• _Data records_:
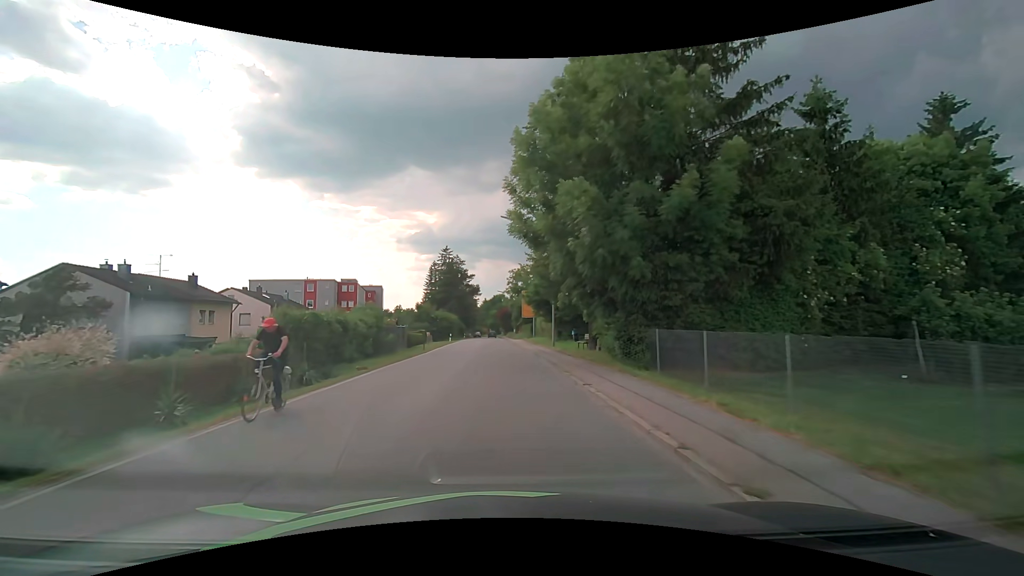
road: secondary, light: Day
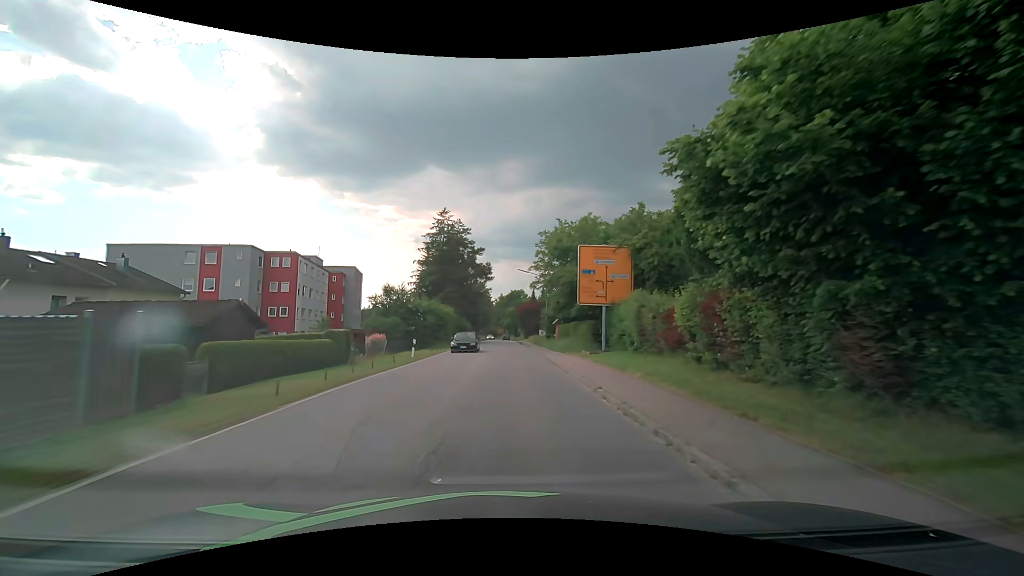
(-1.1, +34.4) m; -2°
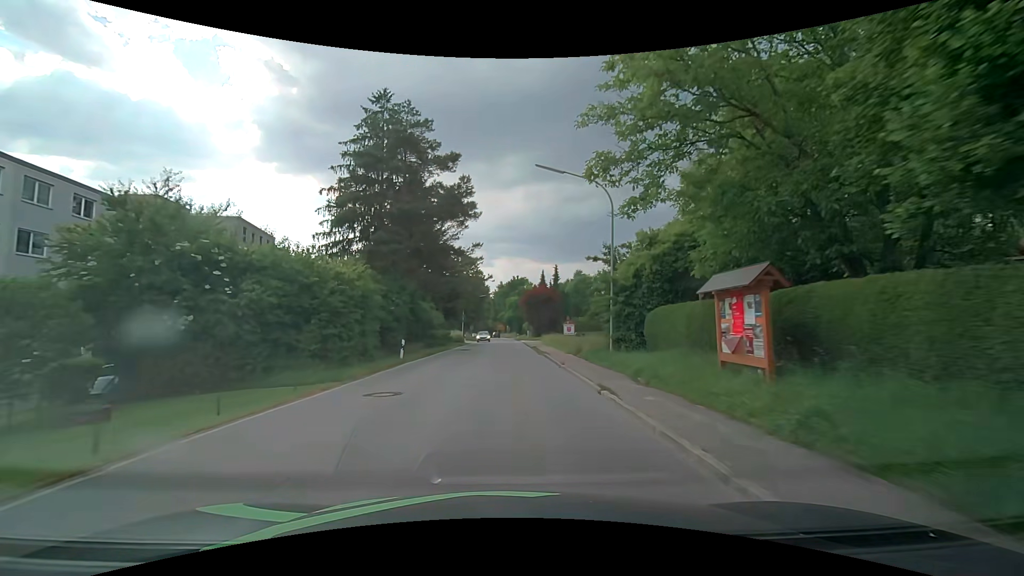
(-0.2, +35.7) m; 0°
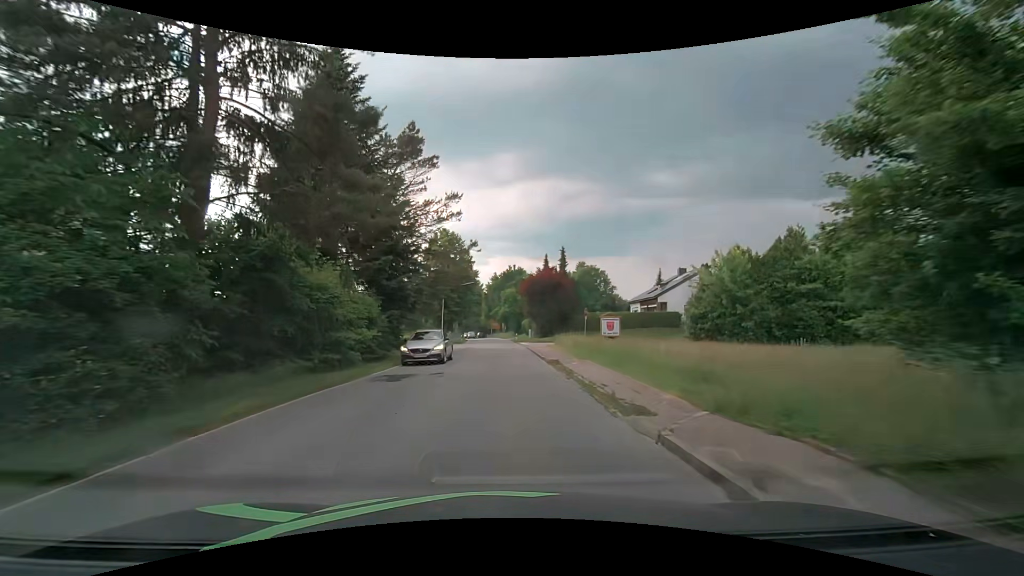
(+0.1, +21.6) m; +1°
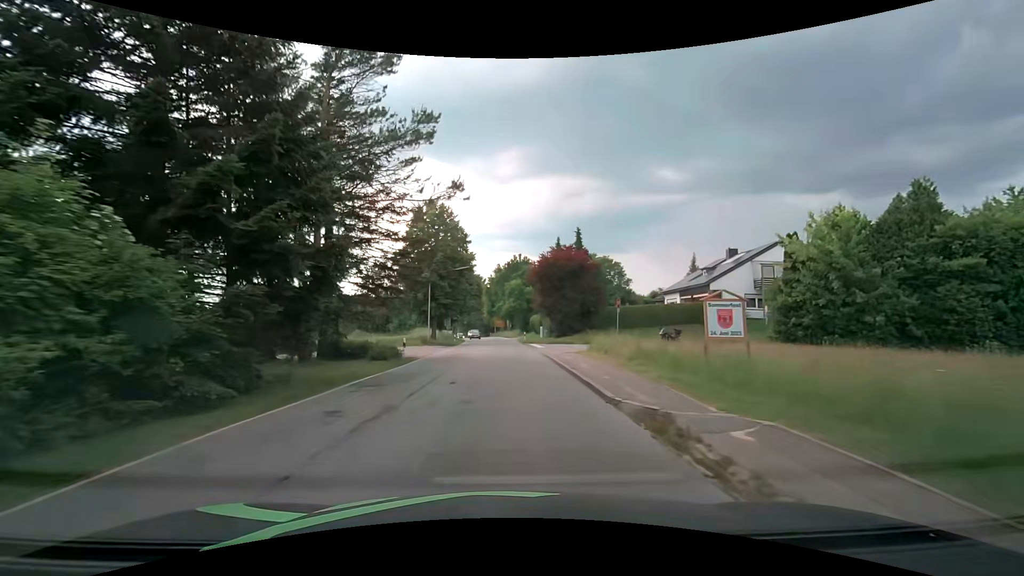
(-0.1, +14.3) m; -1°
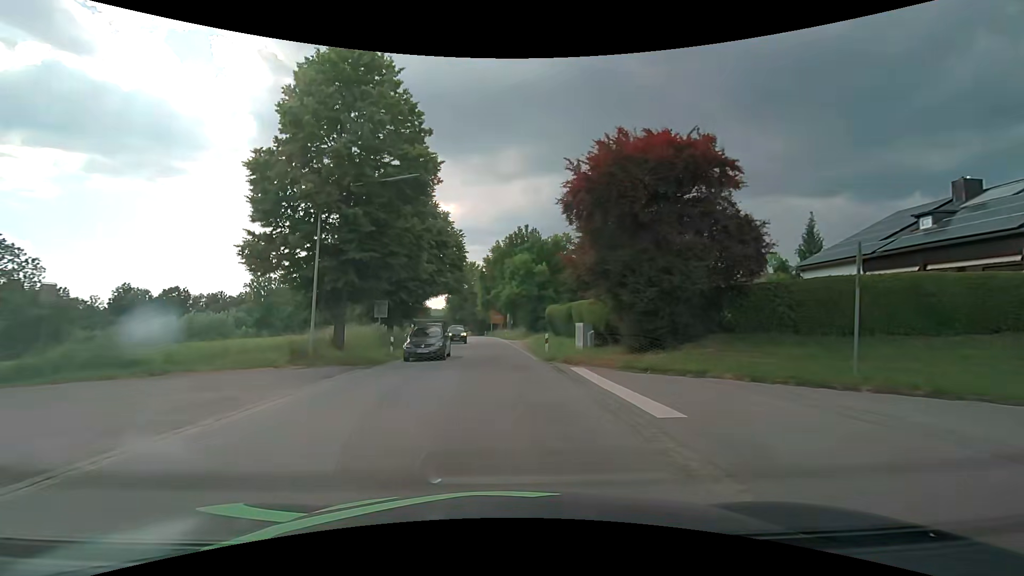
(0.0, +28.8) m; 0°
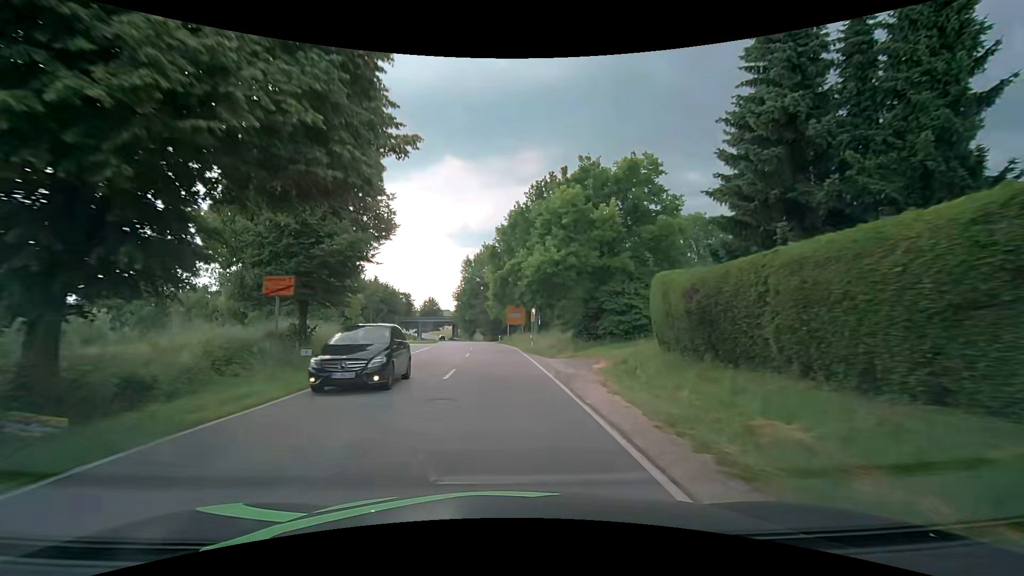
(-0.7, +29.8) m; -3°
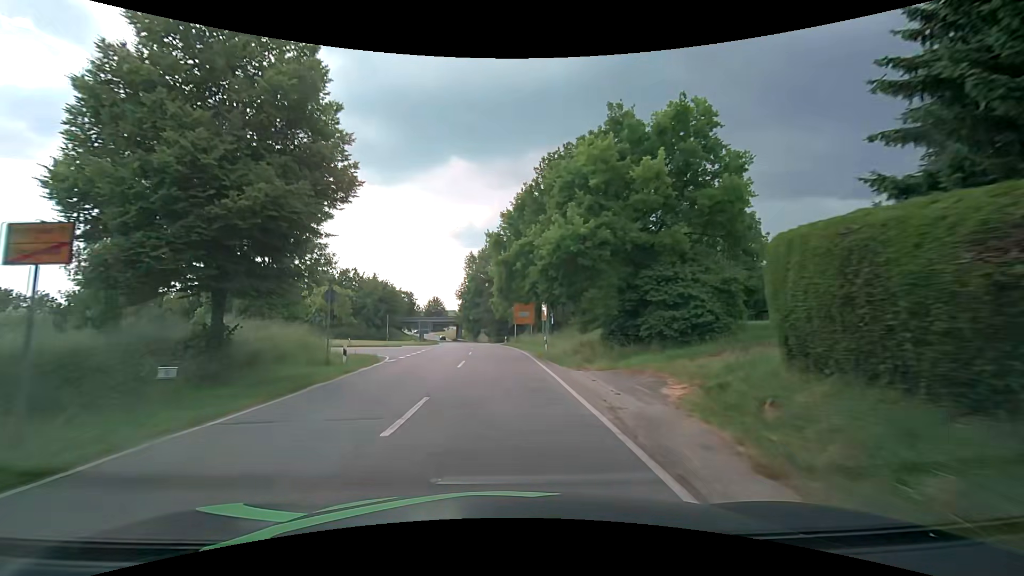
(0.0, +7.8) m; -1°
(0, +10) (0, +20) (-1, +30) (-1, +40) (-2, +50) (-3, +60) (-4, +70) (-5, +80) (-7, +90) (-8, +100) m

• _The problem_:
Without including a single picture, restate all of the data word for word.

• _Output for this exercise_:
road: secondary, light: Day
(-1.1, +34.4) m; -2°
(-0.2, +35.7) m; 0°
(+0.1, +21.6) m; +1°
(-0.1, +14.3) m; -1°
(0.0, +28.8) m; 0°
(-0.7, +29.8) m; -3°
(0.0, +7.8) m; -1°
(0, +10) (0, +20) (-1, +30) (-1, +40) (-2, +50) (-3, +60) (-4, +70) (-5, +80) (-7, +90) (-8, +100) m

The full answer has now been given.